”One evening, as I was coming home, I saw a worm on the ground. The rain had stopped for about an hour and it had left the green space and went on the sidewalk. When I was little, together with other children, we sometimes took the worms and smashed them on the asphalt to see how the pieces of worms became, in return, other worms. I know, we were cruel children, as maybe small children are when they explore the world.

The regeneration capacity of these ringed is amazing.

But I’m thinking about how people are. If, in one way or another, life smashes us, it will take us years to recover. Negative emotions remain attached to us for a long time, just as caramels remain attached to children’s wisdom tooths. Our brain is built to quickly identify what’s negative. But it is harder with what is positive. There, in a strange way, we behave like a Teflon pan: nothing sticks on us (I’m exaggerating, of course, but what’s positive is harder to stick, in general).

We all went through hard times, some seemed impossible to take in their time. But if we look back, we recognize the difficulty and I hope we are proud that we have managed to overcome them.

Here are some possible approaches to get through difficulties a little easier:

Think about the things you are grateful for. You don’t need anything major, the fact that you are healthy is in itself a great thing, you can be grateful. When we learn to appreciate the good part of our lives, the degree of satisfaction increases, the risk of depression decreases.

Take a look at what’s good in your life.
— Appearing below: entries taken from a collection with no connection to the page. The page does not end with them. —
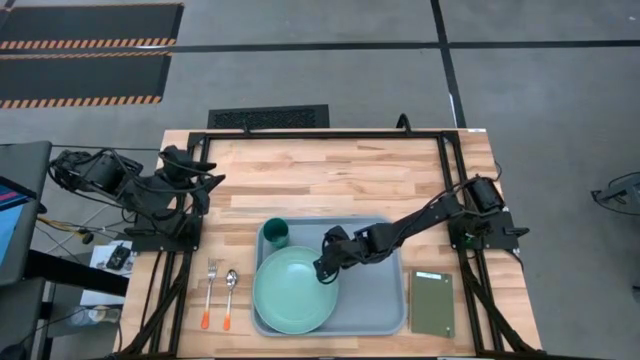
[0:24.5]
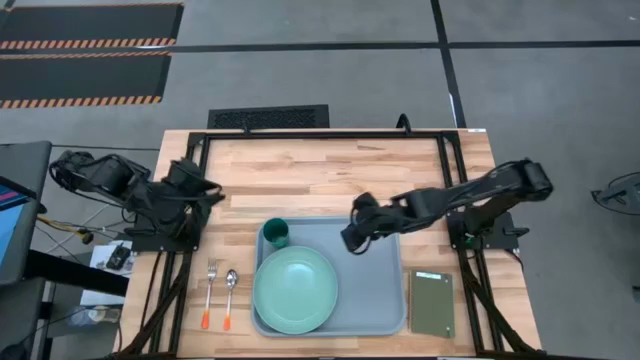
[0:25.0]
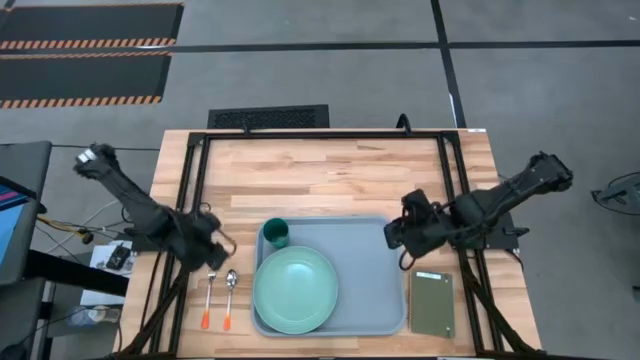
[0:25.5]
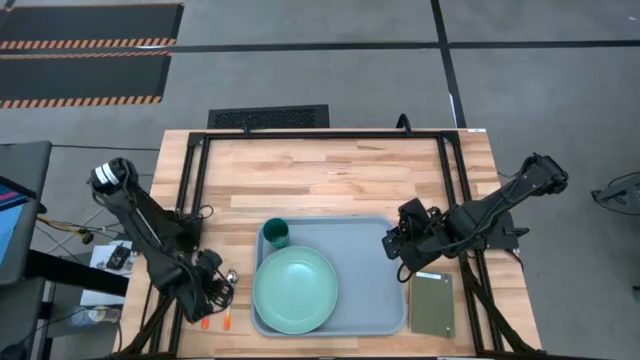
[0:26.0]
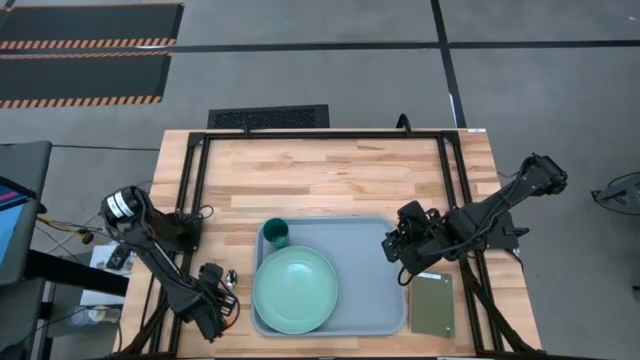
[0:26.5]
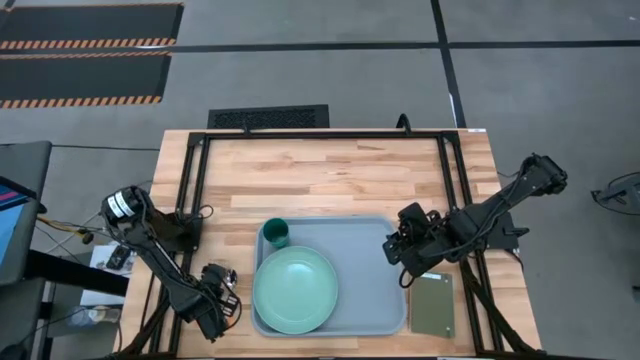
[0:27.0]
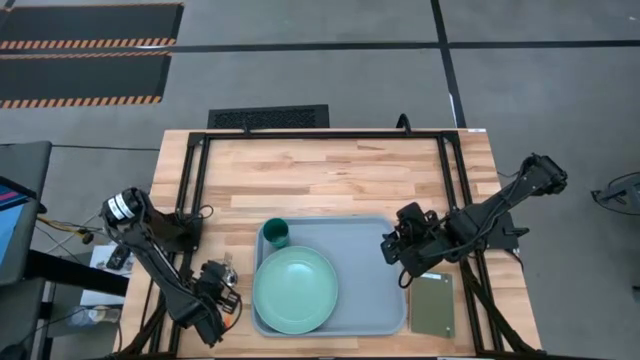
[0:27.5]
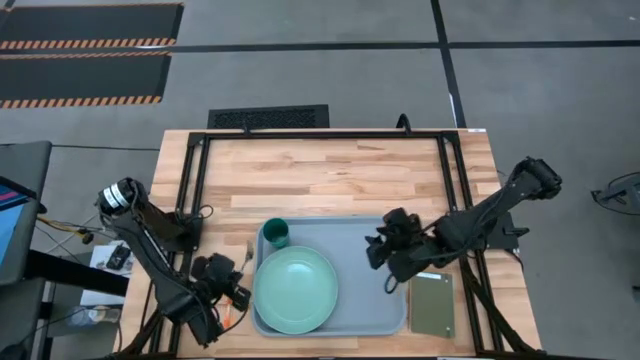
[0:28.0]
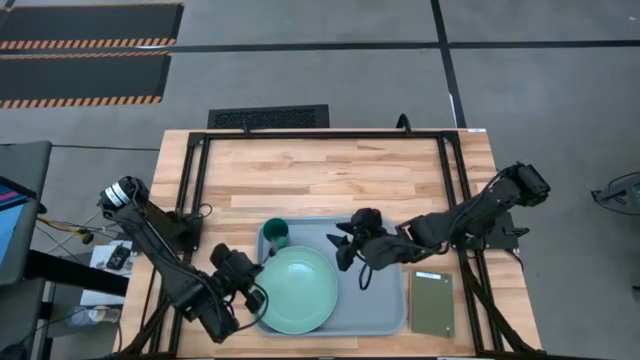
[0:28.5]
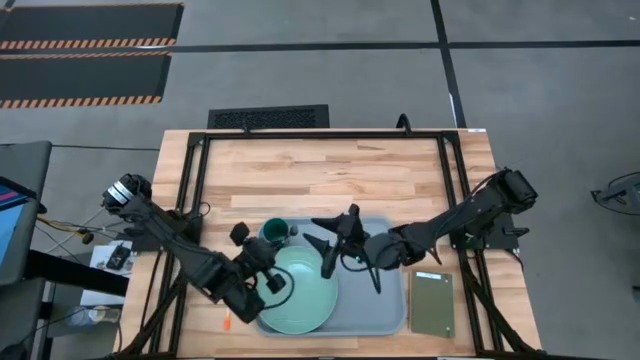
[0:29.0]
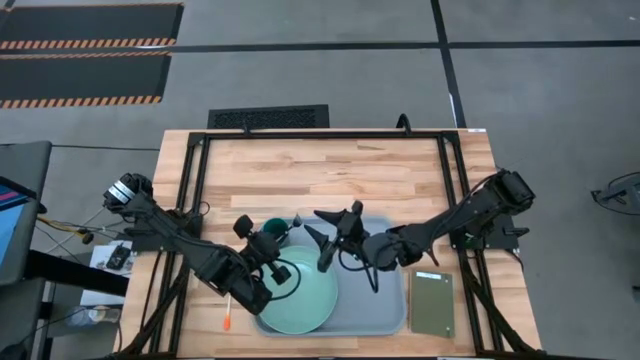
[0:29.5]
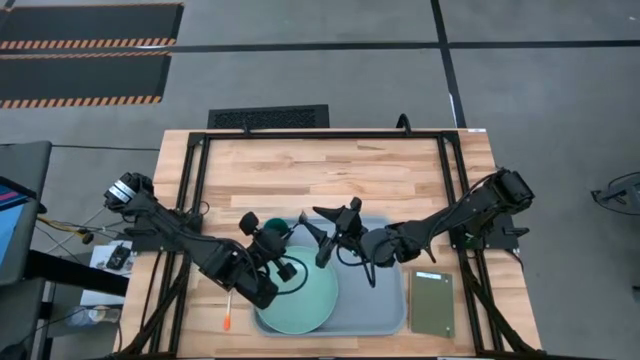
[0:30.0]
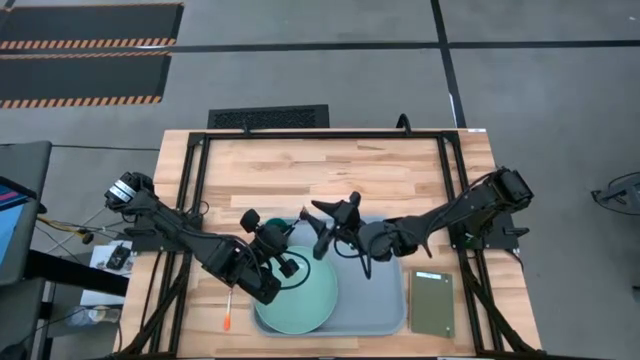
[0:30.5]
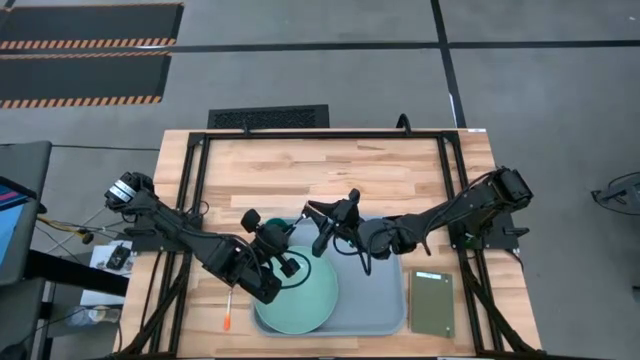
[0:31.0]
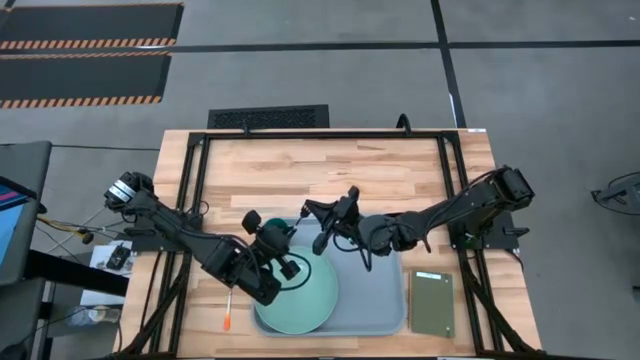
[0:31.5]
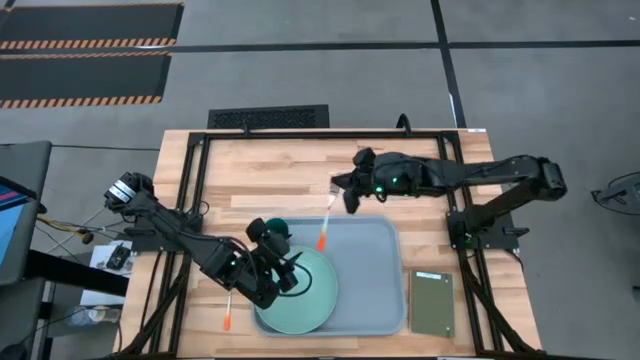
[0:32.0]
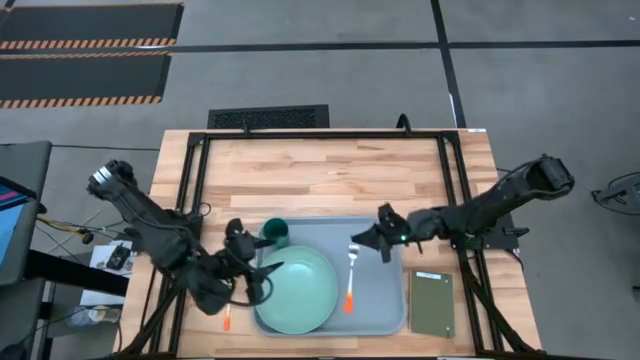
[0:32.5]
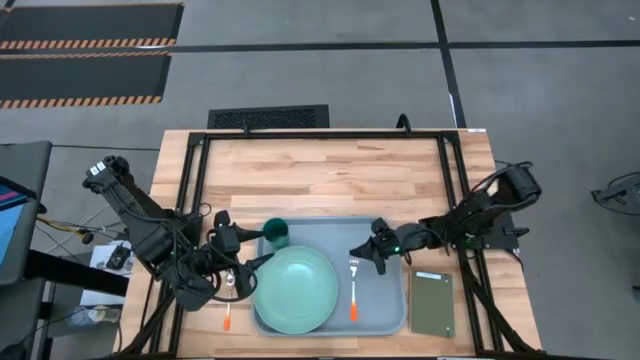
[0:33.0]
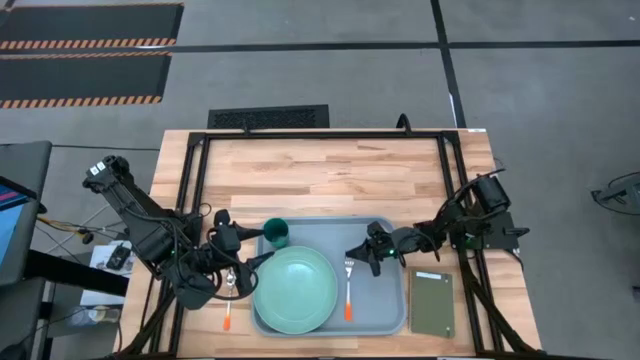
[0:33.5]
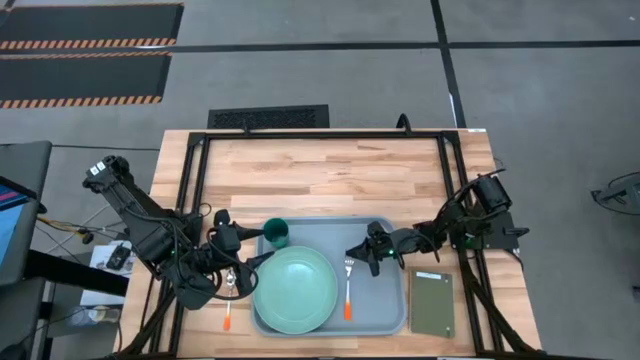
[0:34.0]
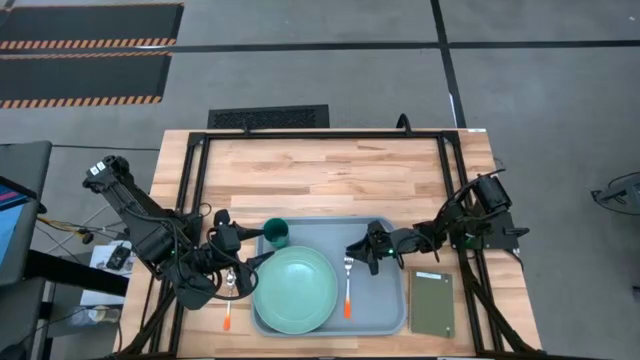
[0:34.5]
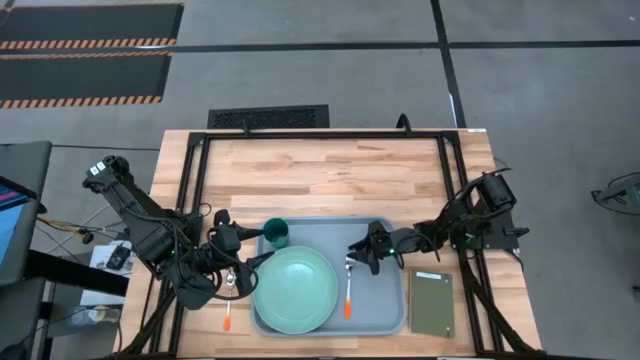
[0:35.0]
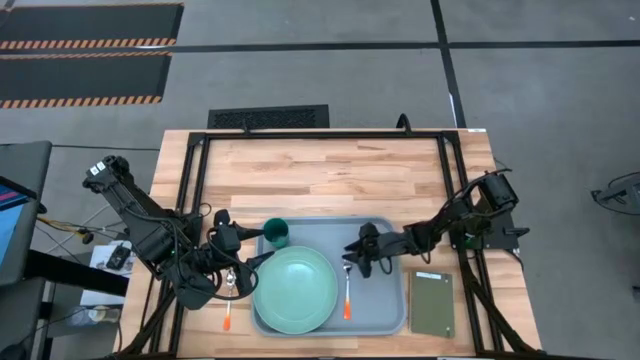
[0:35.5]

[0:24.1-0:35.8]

I had a dear colleague who, when I was upset with someone, said to me: look at us, at the others, it’s not worth seeing only what a person said or did and generalize. We, the others, see things differently, you don’t deserve to see only negatively and we, the others, don’t deserve it.

Think about whether what you are doing is helping or harming you. Sometimes we can’t change a situation. But we can consciously choose to be prisoners of what it was, what it could have been, or to pay attention to the present, to what appears in our lives. For example, we can choose to be prisoners of a relationship that ended in reality but not ended in our minds, instead of being present, open to what each day brings us.

This imprisonment makes us have nothing to lose but nothing else, to be suspended outside our lives.

Pascal, the French philosopher of the seventeenth century, said that man is like a reed, the weakest in nature; but it is a thoughtful reed. Like reeds, we can be bent by the wind, by unfavorable events, but we have the ability to recover, to be upright again.”